##### INPUT MATERIAL

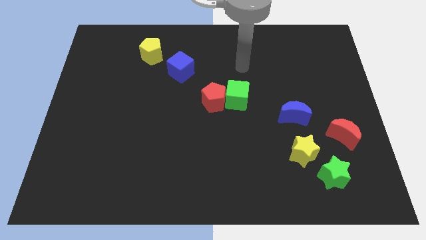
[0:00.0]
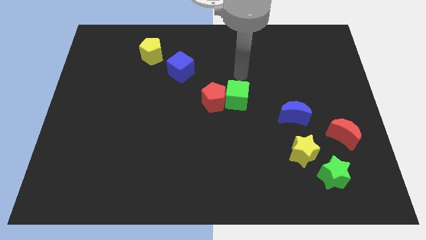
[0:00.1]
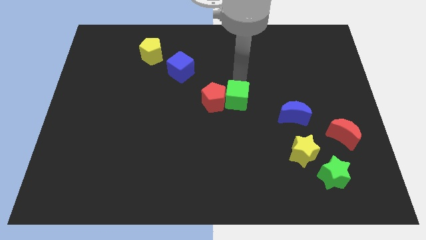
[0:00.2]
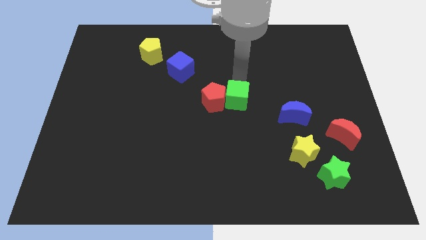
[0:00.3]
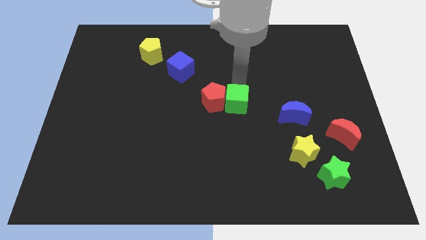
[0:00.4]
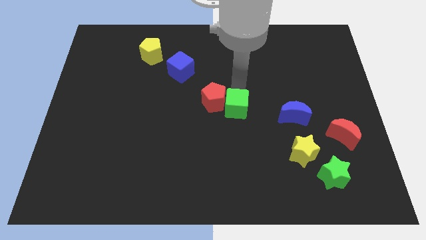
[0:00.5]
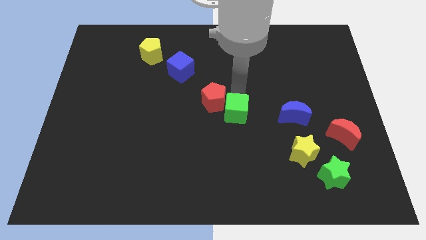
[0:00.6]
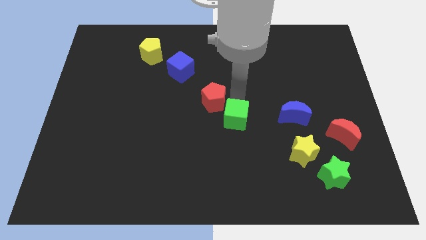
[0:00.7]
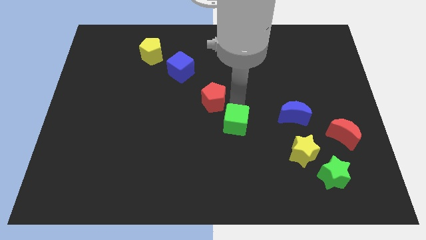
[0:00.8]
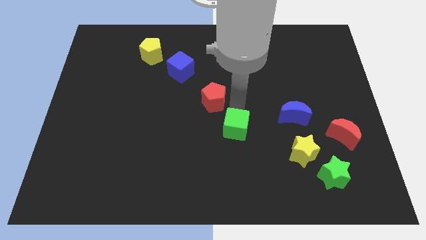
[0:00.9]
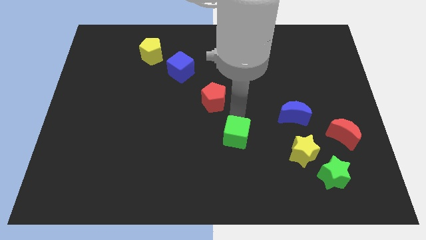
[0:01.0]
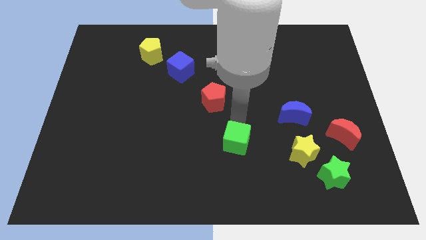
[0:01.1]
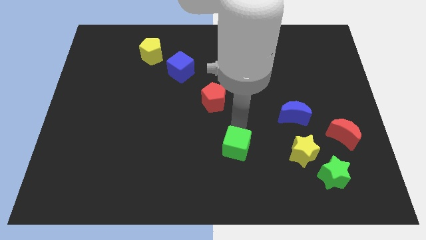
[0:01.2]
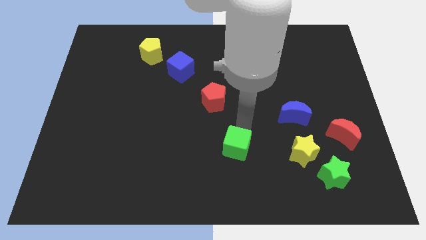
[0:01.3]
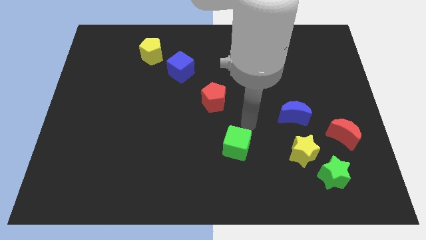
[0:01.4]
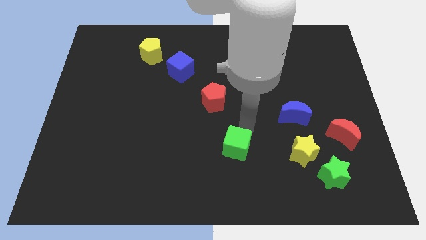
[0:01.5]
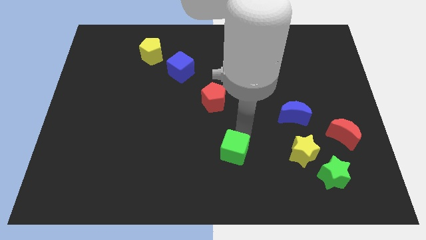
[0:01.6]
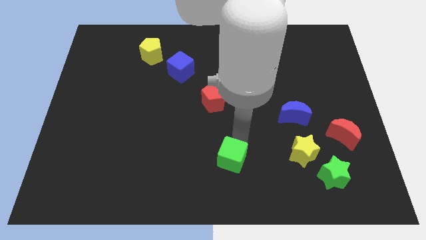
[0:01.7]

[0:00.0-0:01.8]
move the green cube to the bottom side

##########

■ EXERCISE REQUIREMENTS
Omit all pictures and repeat the rest of the records verbatim.

■ YOUR SOLUTION
[0:00.0]
[0:00.1]
[0:00.2]
[0:00.3]
[0:00.4]
[0:00.5]
[0:00.6]
[0:00.7]
[0:00.8]
[0:00.9]
[0:01.0]
[0:01.1]
[0:01.2]
[0:01.3]
[0:01.4]
[0:01.5]
[0:01.6]
[0:01.7]

[0:00.0-0:01.8]
move the green cube to the bottom side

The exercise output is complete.